Fort Ticonderoga has collaborated with post-secondary educators across the country to identify programmatic needs that support undergraduate and graduate-level students. Fort Ticonderoga’s Micro Courses combine a visual and material analysis of 18th-century documents and material culture for use in coursework on early American and Atlantic history. These Micro Courses are available for free thanks to a Humanities New York CARES grant with support from the National Endowment for the Humanities and the federal CARES Act.
Want an unforgettable classroom experience? Fort Ticonderoga’s Curator Dr. Matthew Keagle can supplement your Micro Course with a live virtual seminar. Live virtual seminar programs are priced per program, per class. ZOOM and Google Meet platforms are currently available. Enquire today by emailing Fort Ticonderoga’s Group Sales Manager, Ryann Wiktorko.
Service and Citizenship: The Militia from Colonies to Nation
This course asks students to consider the interrelated obligations and expectations of citizens through the example of the militia. Using examples and artifacts from Fort Ticonderoga’s collection, the course will explore the evolution of the militia through the founding era. By exploring this unique system, which was central to American military and political ideals, it will pose questions about who should defend the nation and what citizens owe to the state. Through a short quiz and discussion prompts, students come face to face with issues of who bears a responsibility, who benefits, and how these topics have evolved over time.
Setting the World on Fire: Firearms in the Atlantic World
Although crude by today’s standards, this course explores the reality of firearms that shaped the 18th century. Beyond fighting wars, revolutions, and rebellions, the systems developed to manufacture and finance arms production represents an underappreciated industrial revolution. This course will examine the reality of firearms in the 18th century Atlantic World, using Fort Ticonderoga’s extensive collection to reveal how new organizations of labor produced literally millions of weapons that were responsible for subjugation and death, as well as liberation and independence, across the world, the repercussions of which we still live with to this day.
Sources and Methods for Holistic History
This course encourages students to think critically about the range of historical sources available to them when researching and writing history. Using an example from Fort Ticonderoga’s Revolutionary War archives, it explores a range of official and private documents, as well as material culture, that contributes to more fully understanding the experience of the Revolutionary War. Digital resources allow students to explore these sources themselves and questions can prompt a discussion of the variety of courses and their utility for telling different stories about the past.
Meet Your Instructor
Dr. Matthew Keagle is the Curator of the Fort Ticonderoga Museum.

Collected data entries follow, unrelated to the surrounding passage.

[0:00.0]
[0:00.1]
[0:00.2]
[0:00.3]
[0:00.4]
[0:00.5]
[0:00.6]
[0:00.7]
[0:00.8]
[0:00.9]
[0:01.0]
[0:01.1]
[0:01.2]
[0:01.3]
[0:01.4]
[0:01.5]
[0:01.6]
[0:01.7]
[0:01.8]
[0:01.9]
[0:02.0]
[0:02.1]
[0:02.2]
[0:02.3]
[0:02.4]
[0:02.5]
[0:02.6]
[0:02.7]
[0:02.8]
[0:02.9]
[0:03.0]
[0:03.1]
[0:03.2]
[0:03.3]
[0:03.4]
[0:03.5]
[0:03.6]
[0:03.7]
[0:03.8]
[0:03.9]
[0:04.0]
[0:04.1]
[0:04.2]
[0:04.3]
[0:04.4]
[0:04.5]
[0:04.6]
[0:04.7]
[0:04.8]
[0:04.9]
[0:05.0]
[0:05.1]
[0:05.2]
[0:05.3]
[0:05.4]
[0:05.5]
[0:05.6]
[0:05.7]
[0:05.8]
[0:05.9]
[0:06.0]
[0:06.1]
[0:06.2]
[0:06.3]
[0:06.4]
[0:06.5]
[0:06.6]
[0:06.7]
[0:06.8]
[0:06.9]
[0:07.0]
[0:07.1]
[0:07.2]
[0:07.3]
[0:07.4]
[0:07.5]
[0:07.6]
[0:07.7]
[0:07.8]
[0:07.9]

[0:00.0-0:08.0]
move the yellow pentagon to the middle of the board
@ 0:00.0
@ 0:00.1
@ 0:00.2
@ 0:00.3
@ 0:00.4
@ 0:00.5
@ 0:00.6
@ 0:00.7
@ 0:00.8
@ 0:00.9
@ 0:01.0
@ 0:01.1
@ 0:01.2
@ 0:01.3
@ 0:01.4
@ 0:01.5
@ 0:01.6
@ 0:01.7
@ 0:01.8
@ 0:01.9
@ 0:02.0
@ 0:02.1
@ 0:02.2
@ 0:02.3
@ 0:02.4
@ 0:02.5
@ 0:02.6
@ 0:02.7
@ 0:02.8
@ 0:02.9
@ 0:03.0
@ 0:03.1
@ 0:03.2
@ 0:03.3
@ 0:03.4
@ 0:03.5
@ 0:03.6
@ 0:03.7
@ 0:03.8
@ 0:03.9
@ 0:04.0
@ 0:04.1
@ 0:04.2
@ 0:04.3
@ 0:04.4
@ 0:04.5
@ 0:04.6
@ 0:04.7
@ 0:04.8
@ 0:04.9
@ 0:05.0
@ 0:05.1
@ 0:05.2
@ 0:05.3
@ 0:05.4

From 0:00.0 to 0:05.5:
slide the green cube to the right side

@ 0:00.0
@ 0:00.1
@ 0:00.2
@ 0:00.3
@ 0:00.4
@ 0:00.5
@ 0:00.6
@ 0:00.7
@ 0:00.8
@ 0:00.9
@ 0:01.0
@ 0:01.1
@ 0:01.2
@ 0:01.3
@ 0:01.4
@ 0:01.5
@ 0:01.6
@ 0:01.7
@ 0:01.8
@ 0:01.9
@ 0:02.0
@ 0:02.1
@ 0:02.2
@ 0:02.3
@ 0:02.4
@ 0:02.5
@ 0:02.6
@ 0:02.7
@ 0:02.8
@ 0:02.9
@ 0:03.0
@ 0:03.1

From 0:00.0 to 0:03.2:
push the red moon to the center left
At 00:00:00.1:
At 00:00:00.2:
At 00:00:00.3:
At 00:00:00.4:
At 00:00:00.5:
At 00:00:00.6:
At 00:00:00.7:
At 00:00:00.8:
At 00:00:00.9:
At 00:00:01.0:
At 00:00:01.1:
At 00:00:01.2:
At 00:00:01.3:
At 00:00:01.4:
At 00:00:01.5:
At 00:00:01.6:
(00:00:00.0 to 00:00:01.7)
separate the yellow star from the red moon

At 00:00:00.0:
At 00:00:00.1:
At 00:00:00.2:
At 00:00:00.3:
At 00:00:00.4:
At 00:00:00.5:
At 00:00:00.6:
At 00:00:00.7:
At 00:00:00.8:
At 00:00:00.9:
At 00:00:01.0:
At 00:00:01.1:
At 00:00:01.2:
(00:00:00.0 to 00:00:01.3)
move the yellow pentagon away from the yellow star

He has been involved in curation, exhibitions, research, historical interpretation, teaching, and program development for historic sites and museums across the East coast. He holds a Bachelor’s degree from Cornell University, a Master’s in American Material Culture from the Winterthur Museum, and a PH.D. from the Bard Graduate Center in New York City. At Fort Ticonderoga, he conducts extensive historical research and development of exhibitions and delivering programs to advance our understanding of the 18th-century military experience. He has researched and lectured at archives and collections across the US, Canada, and Europe, with a particular research focus on the military dress in the 18th century.